** Task **
Line by line, give the data again exactly as it appears, but without pictures.
================
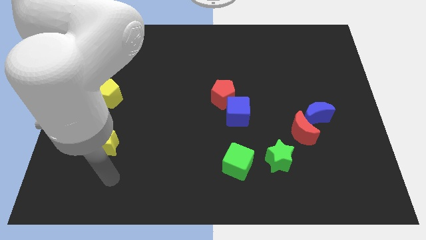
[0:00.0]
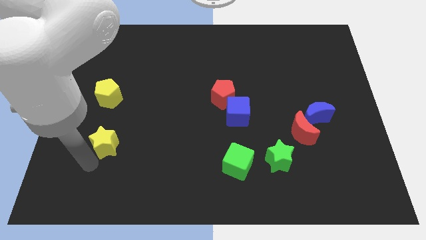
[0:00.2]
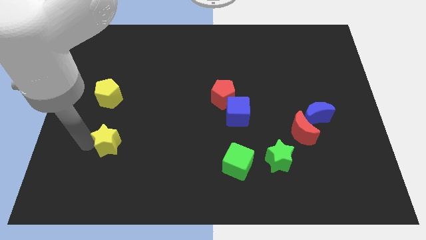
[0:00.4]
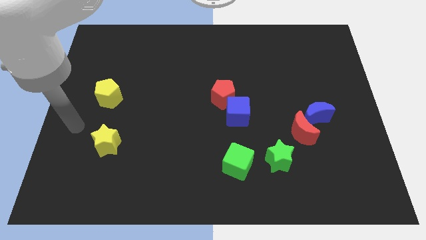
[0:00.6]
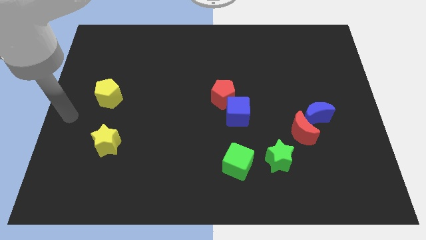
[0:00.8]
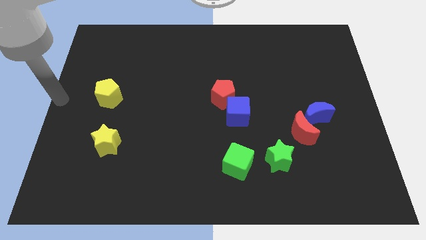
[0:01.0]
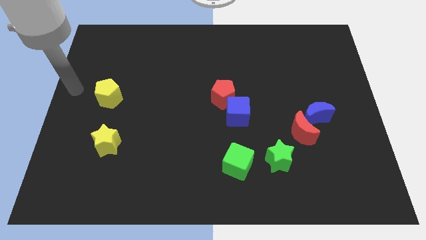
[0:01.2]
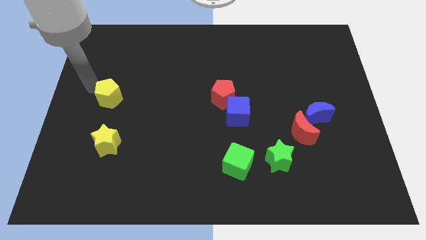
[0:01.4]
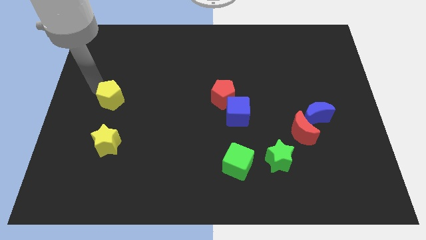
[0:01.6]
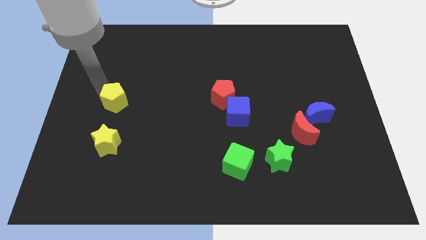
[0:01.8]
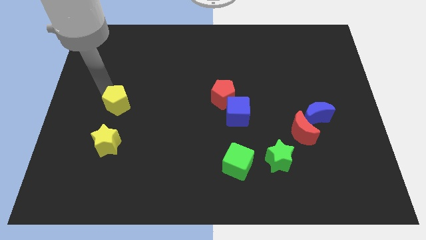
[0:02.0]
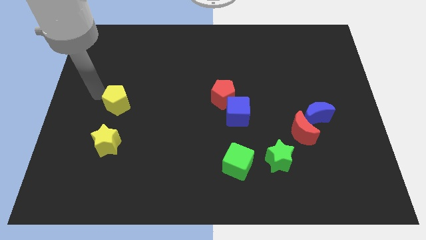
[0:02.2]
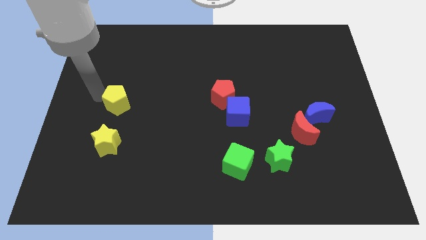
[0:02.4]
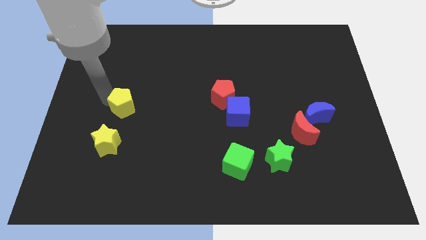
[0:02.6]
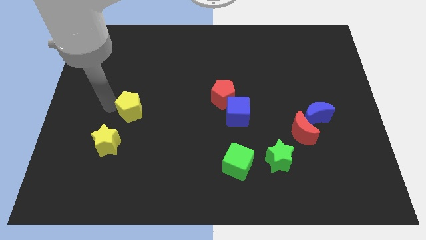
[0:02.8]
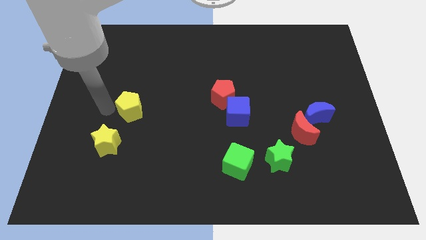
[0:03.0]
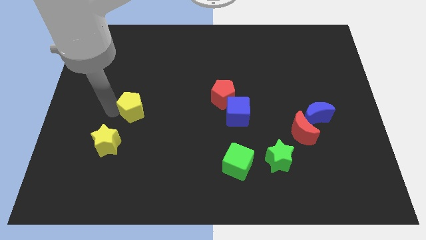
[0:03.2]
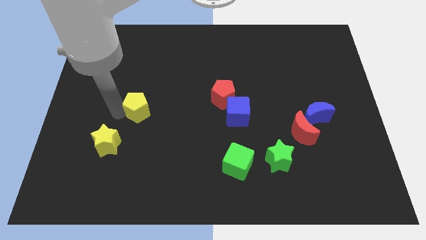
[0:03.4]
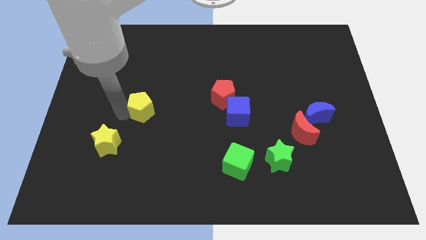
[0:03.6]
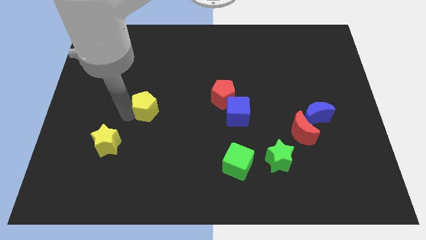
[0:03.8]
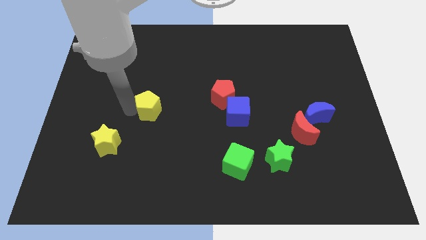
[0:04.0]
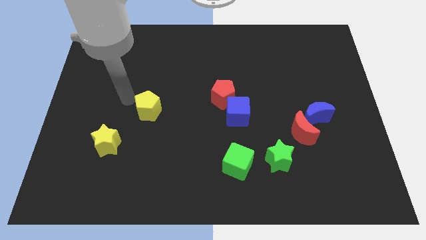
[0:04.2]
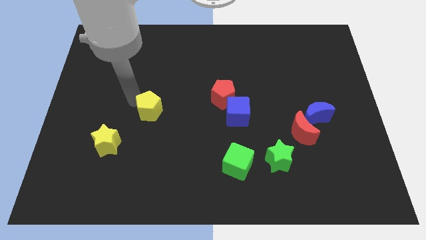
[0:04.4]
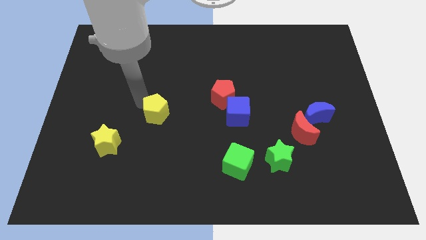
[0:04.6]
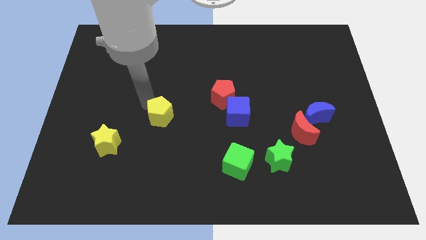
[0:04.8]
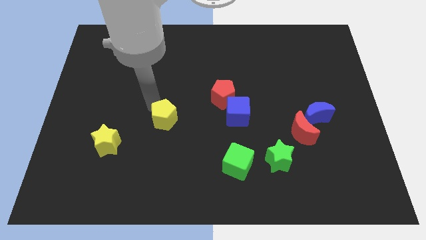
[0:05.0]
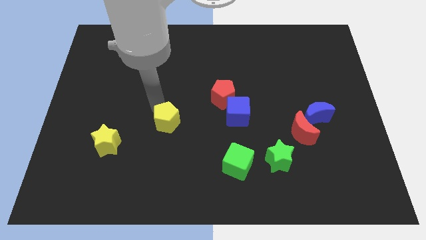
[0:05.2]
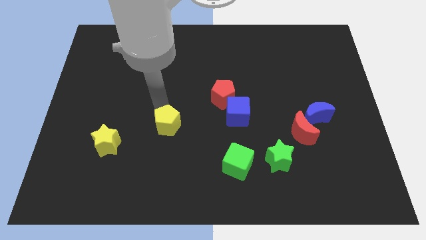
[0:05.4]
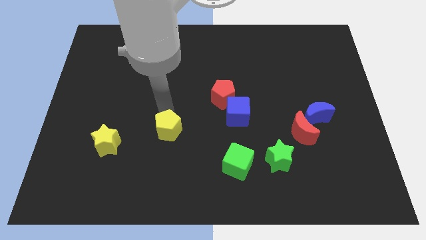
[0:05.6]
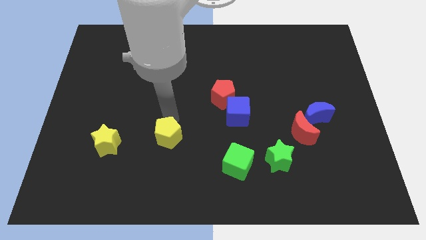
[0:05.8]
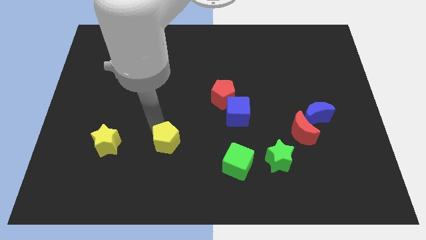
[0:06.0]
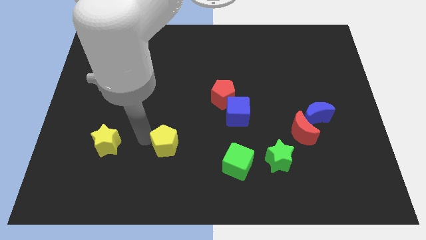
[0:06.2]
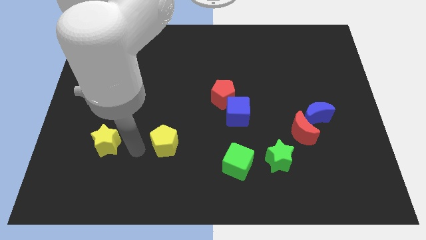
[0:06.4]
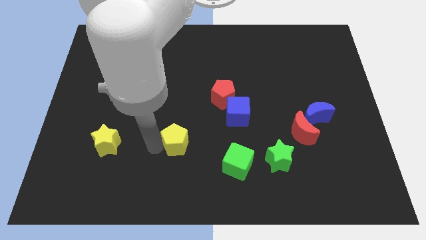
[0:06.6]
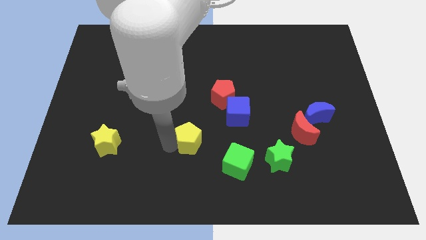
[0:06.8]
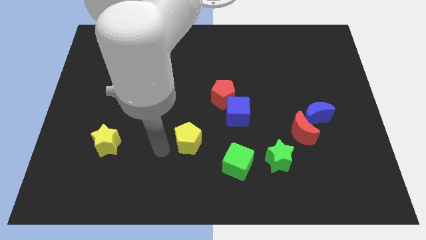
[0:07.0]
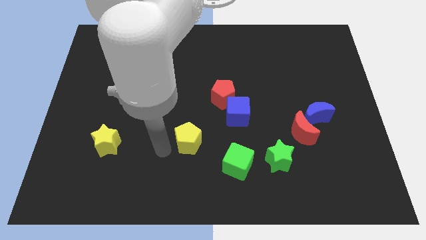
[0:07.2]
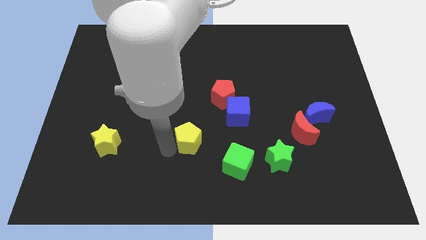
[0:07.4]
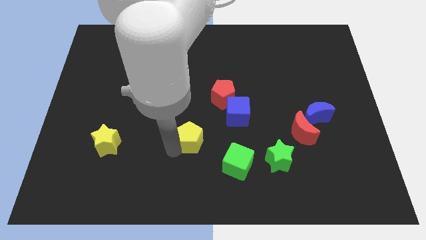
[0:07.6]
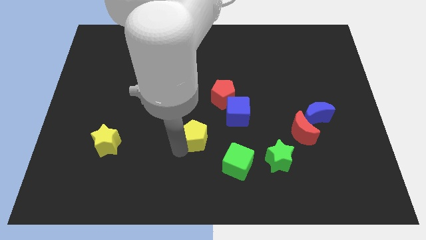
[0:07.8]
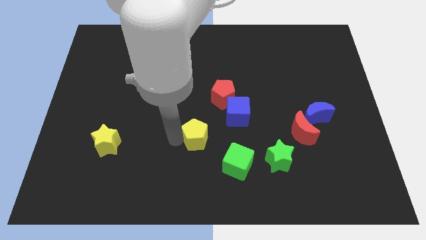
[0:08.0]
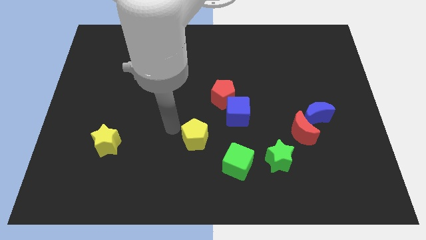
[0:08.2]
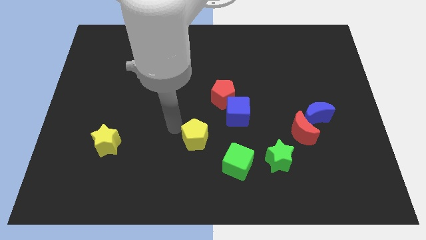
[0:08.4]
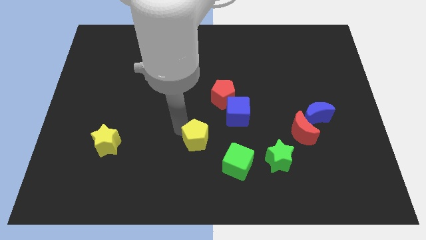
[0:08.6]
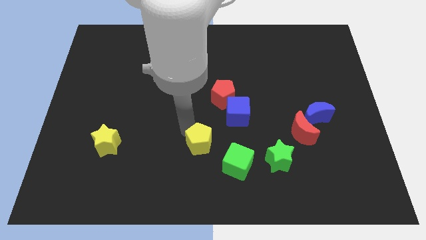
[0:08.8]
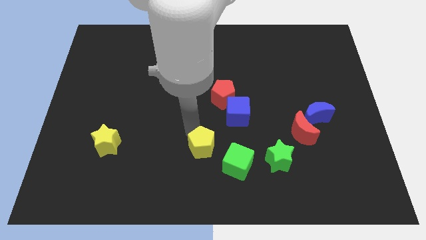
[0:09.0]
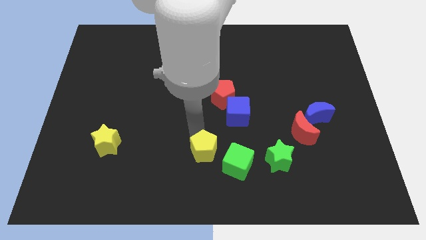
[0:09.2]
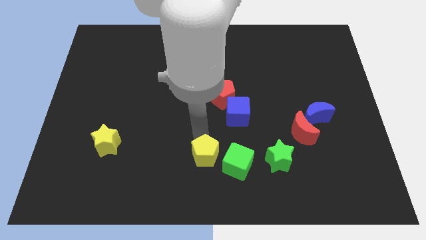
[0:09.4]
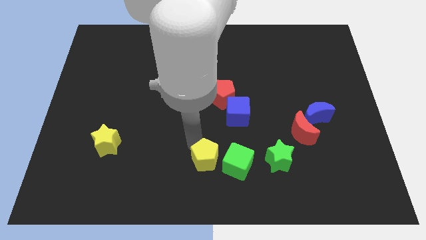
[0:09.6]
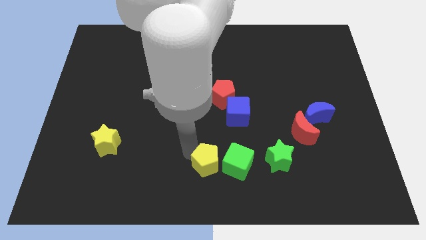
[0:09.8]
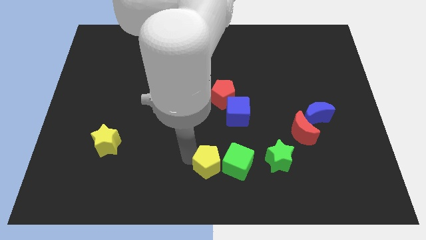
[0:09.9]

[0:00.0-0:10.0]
push the yellow pentagon towards the green cube
================
** Solution to the problem **
[0:00.0]
[0:00.2]
[0:00.4]
[0:00.6]
[0:00.8]
[0:01.0]
[0:01.2]
[0:01.4]
[0:01.6]
[0:01.8]
[0:02.0]
[0:02.2]
[0:02.4]
[0:02.6]
[0:02.8]
[0:03.0]
[0:03.2]
[0:03.4]
[0:03.6]
[0:03.8]
[0:04.0]
[0:04.2]
[0:04.4]
[0:04.6]
[0:04.8]
[0:05.0]
[0:05.2]
[0:05.4]
[0:05.6]
[0:05.8]
[0:06.0]
[0:06.2]
[0:06.4]
[0:06.6]
[0:06.8]
[0:07.0]
[0:07.2]
[0:07.4]
[0:07.6]
[0:07.8]
[0:08.0]
[0:08.2]
[0:08.4]
[0:08.6]
[0:08.8]
[0:09.0]
[0:09.2]
[0:09.4]
[0:09.6]
[0:09.8]
[0:09.9]

[0:00.0-0:10.0]
push the yellow pentagon towards the green cube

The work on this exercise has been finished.